:: The input ::
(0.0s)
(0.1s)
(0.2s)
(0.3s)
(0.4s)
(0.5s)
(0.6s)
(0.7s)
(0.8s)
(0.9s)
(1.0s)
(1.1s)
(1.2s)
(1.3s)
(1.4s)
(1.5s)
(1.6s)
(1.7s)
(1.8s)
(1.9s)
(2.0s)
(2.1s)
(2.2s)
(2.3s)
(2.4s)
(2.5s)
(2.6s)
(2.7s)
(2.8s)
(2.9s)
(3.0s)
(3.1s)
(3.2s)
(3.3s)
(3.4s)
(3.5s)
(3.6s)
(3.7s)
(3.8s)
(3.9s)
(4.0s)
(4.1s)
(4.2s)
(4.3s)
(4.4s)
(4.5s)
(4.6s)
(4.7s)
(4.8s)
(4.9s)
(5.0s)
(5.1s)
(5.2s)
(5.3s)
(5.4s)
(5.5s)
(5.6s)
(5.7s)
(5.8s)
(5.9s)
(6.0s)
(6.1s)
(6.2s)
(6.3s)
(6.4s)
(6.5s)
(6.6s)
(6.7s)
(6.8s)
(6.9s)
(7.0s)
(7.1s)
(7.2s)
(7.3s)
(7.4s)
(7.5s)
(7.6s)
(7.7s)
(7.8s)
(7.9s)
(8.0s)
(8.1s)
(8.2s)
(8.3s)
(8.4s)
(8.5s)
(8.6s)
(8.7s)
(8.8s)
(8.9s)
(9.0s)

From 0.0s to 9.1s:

:: Description of the task ::
Without changing a word, restate the whole listing.

:: Output for this task ::
(0.0s)
(0.1s)
(0.2s)
(0.3s)
(0.4s)
(0.5s)
(0.6s)
(0.7s)
(0.8s)
(0.9s)
(1.0s)
(1.1s)
(1.2s)
(1.3s)
(1.4s)
(1.5s)
(1.6s)
(1.7s)
(1.8s)
(1.9s)
(2.0s)
(2.1s)
(2.2s)
(2.3s)
(2.4s)
(2.5s)
(2.6s)
(2.7s)
(2.8s)
(2.9s)
(3.0s)
(3.1s)
(3.2s)
(3.3s)
(3.4s)
(3.5s)
(3.6s)
(3.7s)
(3.8s)
(3.9s)
(4.0s)
(4.1s)
(4.2s)
(4.3s)
(4.4s)
(4.5s)
(4.6s)
(4.7s)
(4.8s)
(4.9s)
(5.0s)
(5.1s)
(5.2s)
(5.3s)
(5.4s)
(5.5s)
(5.6s)
(5.7s)
(5.8s)
(5.9s)
(6.0s)
(6.1s)
(6.2s)
(6.3s)
(6.4s)
(6.5s)
(6.6s)
(6.7s)
(6.8s)
(6.9s)
(7.0s)
(7.1s)
(7.2s)
(7.3s)
(7.4s)
(7.5s)
(7.6s)
(7.7s)
(7.8s)
(7.9s)
(8.0s)
(8.1s)
(8.2s)
(8.3s)
(8.4s)
(8.5s)
(8.6s)
(8.7s)
(8.8s)
(8.9s)
(9.0s)

From 0.0s to 9.1s:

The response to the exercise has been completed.